- The names of 100 prisoners are placed in 100 wooden boxes, one name to a box, and the boxes are lined up on a table in a room.
- One by one, the prisoners are led into the room; each may look in at most 50 boxes, but must leave the room exactly as he found it and is permitted no further communication with the others.
- The prisoners have a chance to plot their strategy in advance, and they are going to need it, because unless every single prisoner finds his own name all will subsequently be executed.
Find a strategy for them which has probability of success (all prisoners' survival) exceeding 30%.
Comment: If each prisoner examines a random set of 50 boxes, their probability of survival is an unenviable $1 /2^{100} \approx 0.0000000000000000000000000000008 $. They could do worse—if they all look in the same 50 boxes, their chances drop to zero. 30% seems ridiculously out of reach—but yes, you heard the problem correctly.

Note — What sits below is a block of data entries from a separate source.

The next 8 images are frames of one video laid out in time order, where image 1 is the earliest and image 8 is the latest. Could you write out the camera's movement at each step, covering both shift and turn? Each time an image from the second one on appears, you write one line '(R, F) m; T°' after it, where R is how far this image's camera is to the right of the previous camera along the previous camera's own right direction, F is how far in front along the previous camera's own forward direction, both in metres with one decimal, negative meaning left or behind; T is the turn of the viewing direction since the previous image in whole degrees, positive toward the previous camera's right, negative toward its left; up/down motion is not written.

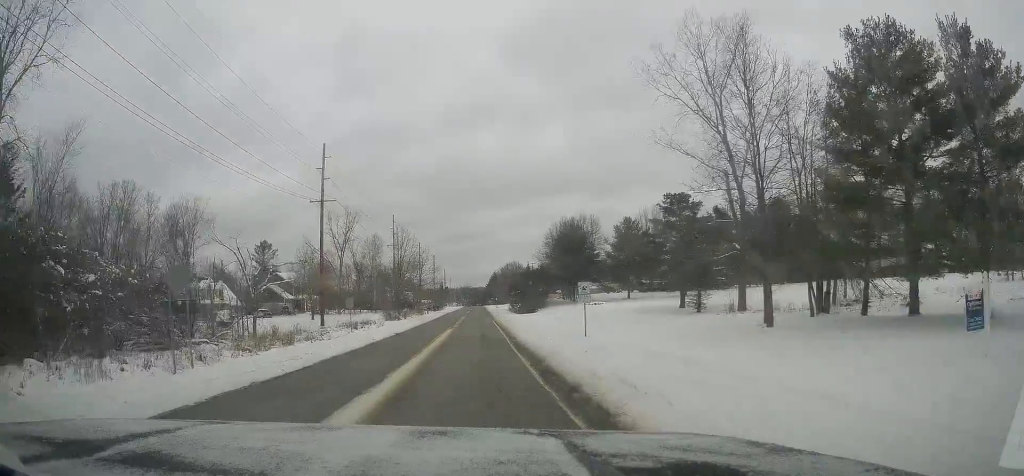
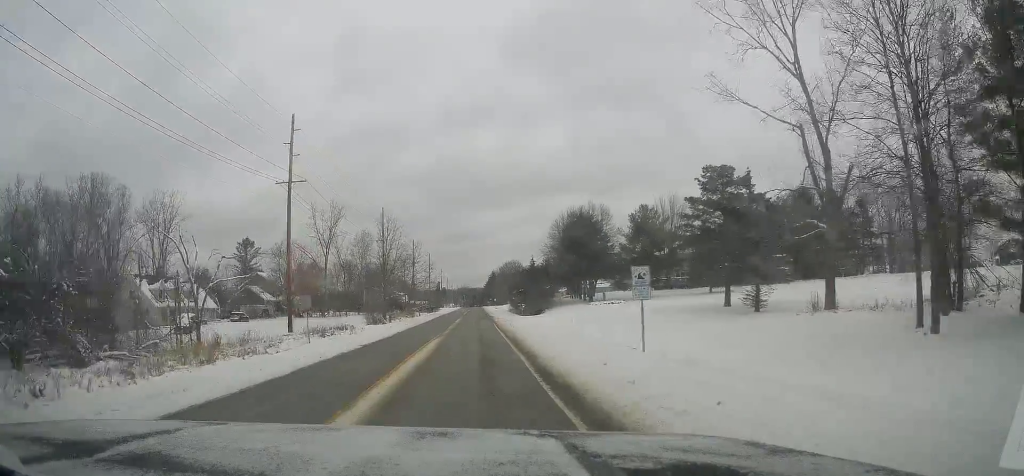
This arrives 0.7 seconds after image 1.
(+0.1, +10.2) m; +1°
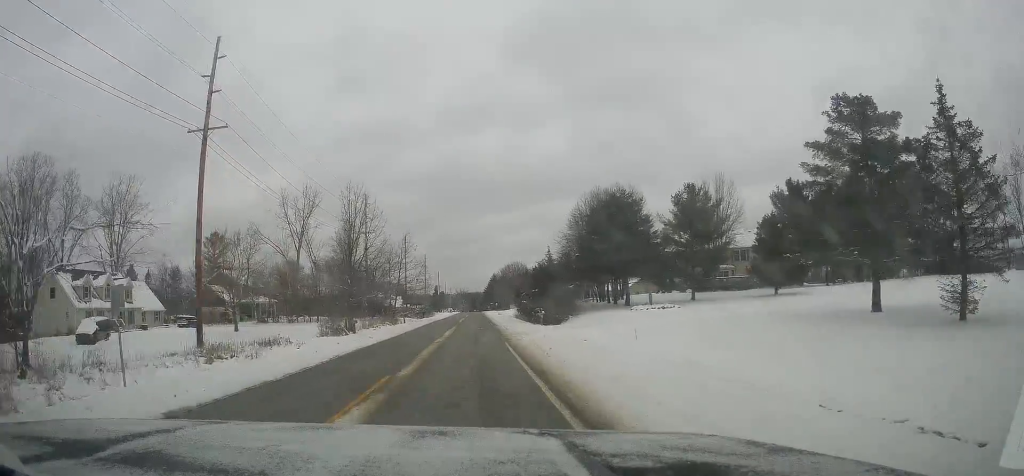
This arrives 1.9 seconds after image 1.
(0.0, +17.4) m; -1°
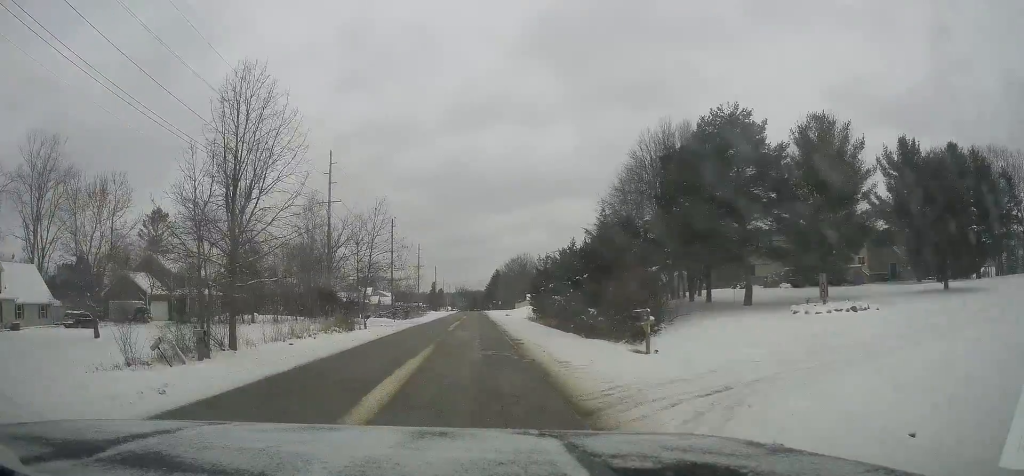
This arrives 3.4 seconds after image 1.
(-1.0, +24.6) m; -1°
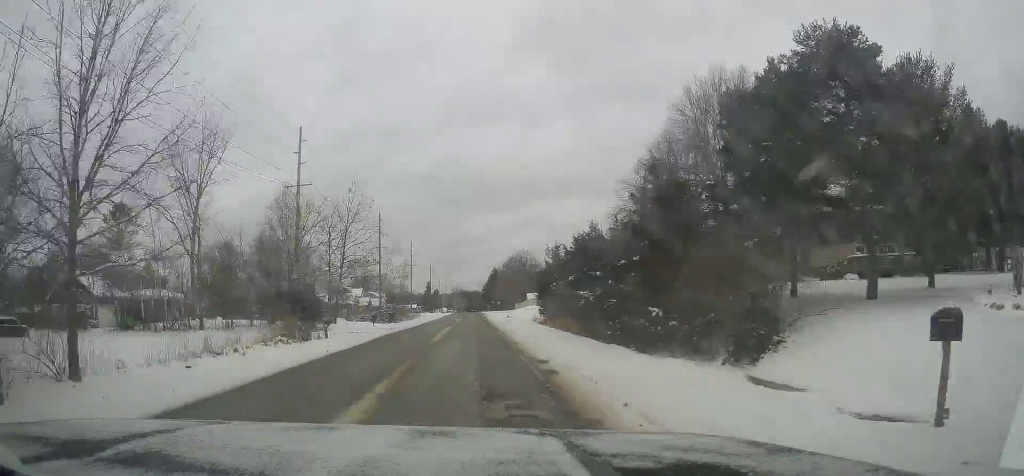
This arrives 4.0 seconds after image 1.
(+0.5, +11.3) m; +2°
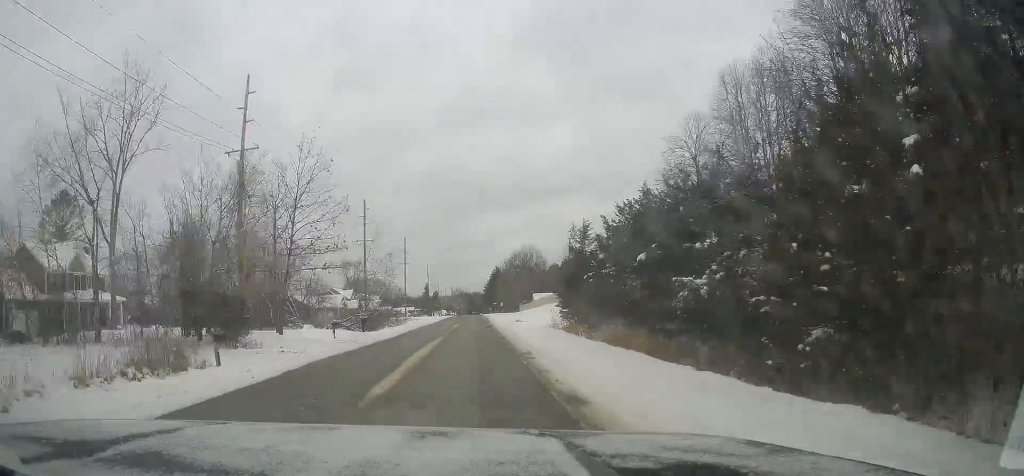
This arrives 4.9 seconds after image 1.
(+0.3, +15.2) m; 0°
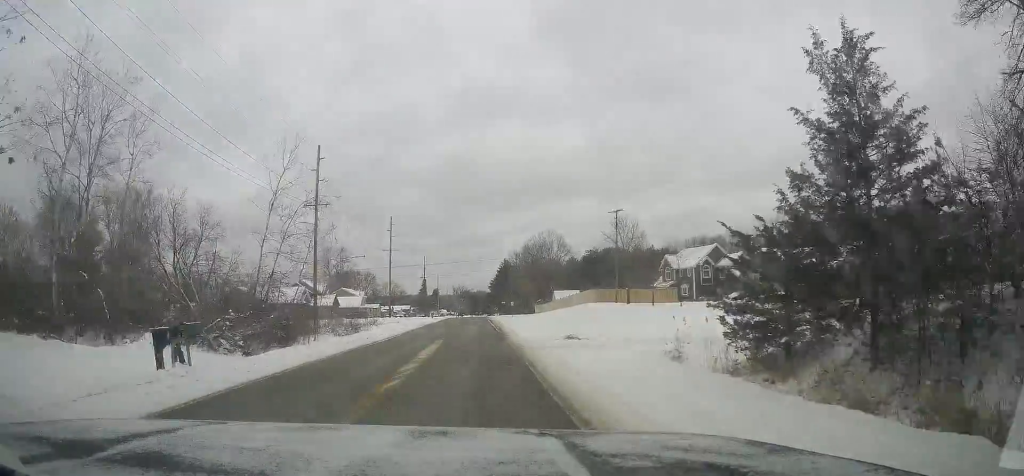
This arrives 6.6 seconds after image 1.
(-0.9, +32.1) m; -1°
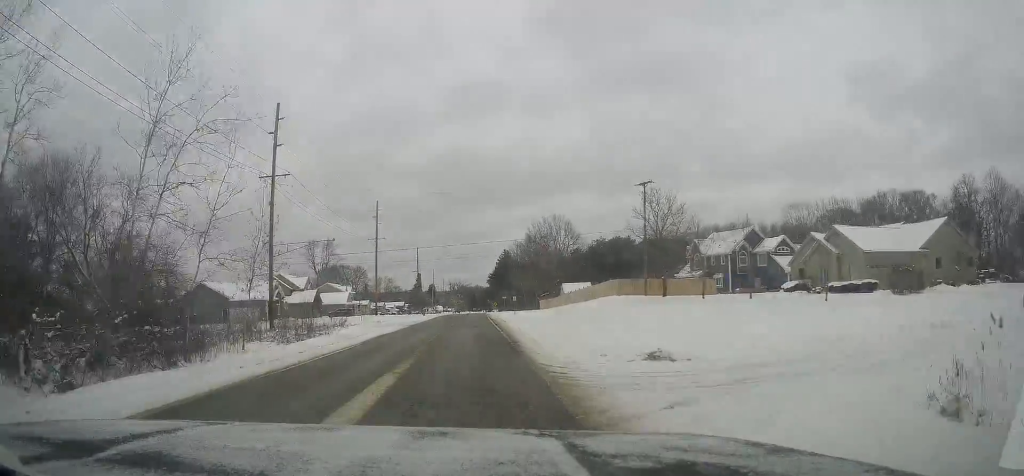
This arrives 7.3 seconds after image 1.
(+0.5, +13.6) m; +1°

This problem was sourced from the excellent, "Seven Puzzles You Think You Must Not Have Heard Correctly," (Note - link includes solutions!) Compiled by Peter Winkler
This is the hardest brainteaser that I've ever actually been able to solve. (Eventually, anyway - I spent my spare time for a couple of weeks on it, and at the time, even though I found the solution, I lacked the math skills to calculate the precise odds of the optimal solution working.) Can you explain the solution without too much mathematical background (less than what the linked solution assumes)?